When I was 19 my roommate and I had an idea that we should start a prayer group on campus. We needed a faculty sponsor and I was tasked with meeting a Benedictine monk to ask him. I ran into him on our campus green. He asked me what I thought the group was for, paused, and waited for my reply. As I spoke I knew intimately that he was really listening. He conveyed to me with his attention that every word I said mattered. The quality of presence he had with people is something I strive for, and am not very good at.
Sebastian would write every day, and turn his notes into handouts which he’d give to anyone who was interested. “I’m not sure what you’ll think of these” he’d say. If you heard him preach on a Sunday, he’d have copies of his homily available for everyone present. Or rather, a copy of what he’d written that morning. He was charming, and brilliant, spoke with stops and starts, and he was rarely straight to the point. You had to listen intently to both follow along, and keep up. I think that was part of the point. After I graduated I’d go back and visit him from time to time. I’d invariably leave with a packet of papers. They were what he’d written since our last conversation. Handouts that turned into galleys, that became two books. Sebastian died a year ago today (2.28.14). He was 97.

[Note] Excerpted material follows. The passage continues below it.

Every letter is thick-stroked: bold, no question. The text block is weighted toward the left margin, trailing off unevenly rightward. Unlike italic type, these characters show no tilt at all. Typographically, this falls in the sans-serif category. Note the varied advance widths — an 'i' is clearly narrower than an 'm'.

Here are a few words of his for anyone going to church in the morning. The words in the brackets are mine.
“Who is the self I bring to the celebration that is speaking of me as a sinner asking for pardon and grace?…I find that…[it is the] self bullied at school, put down and resentful….the resultant of routine life at my job and with people, and is probably not the self awakened by a love-affair or life with a great friend. It is probably not the self that waits on grace, which is the one the liturgy is really talking about….[And so] I…participate routinely, because this is the Mass and Scripture is now ‘important’…. So of course Mass is a bore. I never or seldom come alive at it.
Now I can change this situation by ‘focusing’ it….I attend to myself…[Think of] a problem you’re having with someone, really upset at what he or she said or did and what I didn’t say or do. You poor tired old reactive me! The point of focusing is that this ‘me’ thus attended to, listened to…is where desire resides and wants to grow into loving….Mass is the time when I am to let my real, life-desiring and vulnerable self come into contact with the ultimate expression of our nakedness: my body for you.
Could this address the infinite boredom that the Mass means to young people today, to those who still go, probably with family? Bring to the mass the row you’re having with that asshole of a teacher….and remember Gethsemane and the wonderful party that Jesus got out of it, with the bread and wine.” ~ Sebastian Moore, OSB. From The Contagion of Jesus, p.118.